Bien sûr ce regard enchanté va subir l’épreuve du réel (et quelle épreuve) et l’album se mue en un roman d’apprentissage quand Paul sort, malgré lui, de la douceur douillette de l’enfance dont il gardera longtemps la nostalgie en perpétuel exilé. Ce Peter pan qui refuse de grandir va alors beaucoup bouger transformant l’histoire intimiste en une sorte de road bd échevelée. Et le lecteur va être lui aussi dépaysé.

Le gaufrier n’est jamais monotone et les couleurs explosent. On passe dans une même page d’une scène nocturne dans laquelle Paul conduit de nuit un bus de touristes sur les routes du Mexique à l’explosion colorée des façades d’une ville mexicaine. On s’affranchit des cases aussi, pas de strips ni de gaufrier récurrent. Chaque page est une surprise. Durieux devient autant magicien que Raoul et se lance même un petit défi en faisant de « La vie me fait peur » sa « première bd en nuances de gris ».
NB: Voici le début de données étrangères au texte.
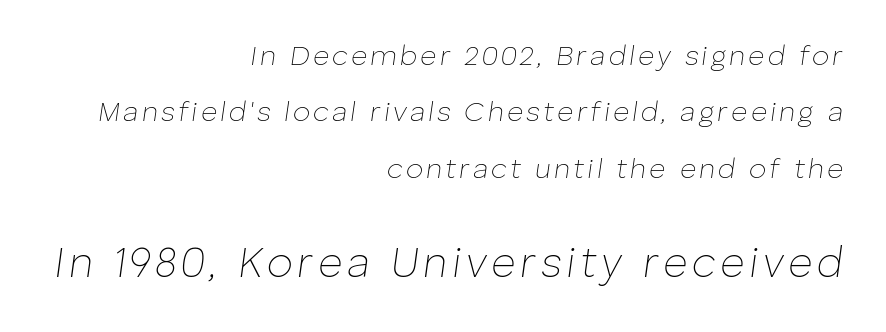
Clear beneath every line of the passage. These lines are set flush right with a ragged left edge. In this sample the second text group is rendered at the bigger scale. Vertical spacing — loose.
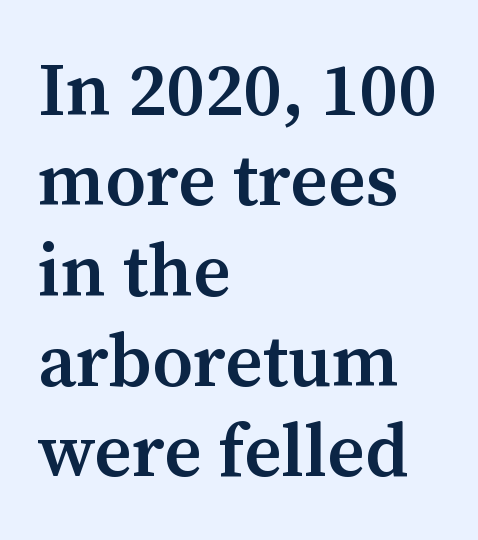
The image shows 74 px semibold serif type, upright; set left-aligned, line spacing 1.22x, normal letter spacing, not underlined; medium stroke contrast and a medium x-height.

« Nuances de gris » … quelle meilleure technique pouvait-on rêver pour un récit qui évite tout manichéisme, allie avec une grande finesse burlesque et mélancolie, finit sur un éclat de rire ou un bon mot à chaque fois que pointe l’émotion et privilégie le sourire au rire ? Un album qui affirme qu’on est finalement toujours le héros de quelqu’un et que l’important est de trouver sa voie et de s’y tenir ? Qui récuse les injonctions de performance érigées en mode de vie et montre que la sagesse et la réussite ne sont peut-être pas là où on les attend ?
Ne serait ce que pour la dernière page et les dernières lignes de cette œuvre, il vous faut absolument la lire ! C’est la première adaptation que dessine Christian Durieux, longtemps réticent à se prêter à l’exercice. A la lecture du synopsis il s’est laissé convaincre. Comme le dessin épouse parfaitement voire transcende la narration, même si vous n’êtes pas fan de Dubois vous ne regretterez pas de vous plonger dans ce récit oxymorique à la fois doux-amer, tendre et rosse, mélancolique et joyeux… comme la vie !

POUR ALLER PLUS LOIN
Didier Tronchet : Le fils du Yéti


Ébranlé par un incendie qui aurait pu lui coûter la vie, le narrateur de cette histoire ressent le besoin de renouer avec son propre passé, matérialisé par une série d’albums photos qui récapitulent une bonne part de son existence – à commencer par la mémoire de son père trop tôt disparu. Ainsi débute une étrange période qui, huit jours durant, conduit cet homme solitaire et secret sur le chemin d’une profonde introspection. Avec la complicité de son jeune neveu Anthony, qui lui est profondément attaché, il entreprend une sorte de pèlerinage impromptu au cœur de ses racines familiales, habité par le sentiment du temps qui passe et la conscience aiguë de la fugacité des êtres et des choses. Ce voyage à rebours de plus de trente ans, à la fois géographique et intérieur, lui permettra, grâce à une lettre miraculeusement retrouvée, de redécouvrir la profondeur de son attachement pour son père et de se confronter enfin à un désir de paternité longtemps refoulé.
Avec pudeur, distance et une très discrète touche d’humour, Didier Tronchet transpose en bande dessinée, en noir et blanc et sur un format de longue haleine, son propre roman éponyme paru en 2011 chez Flammarion. Une manière de dévoiler un registre sensible et intimiste qu’on ne lui connaissait pas en bande dessinée, et une réflexion touchante sur les ressorts de la filiation.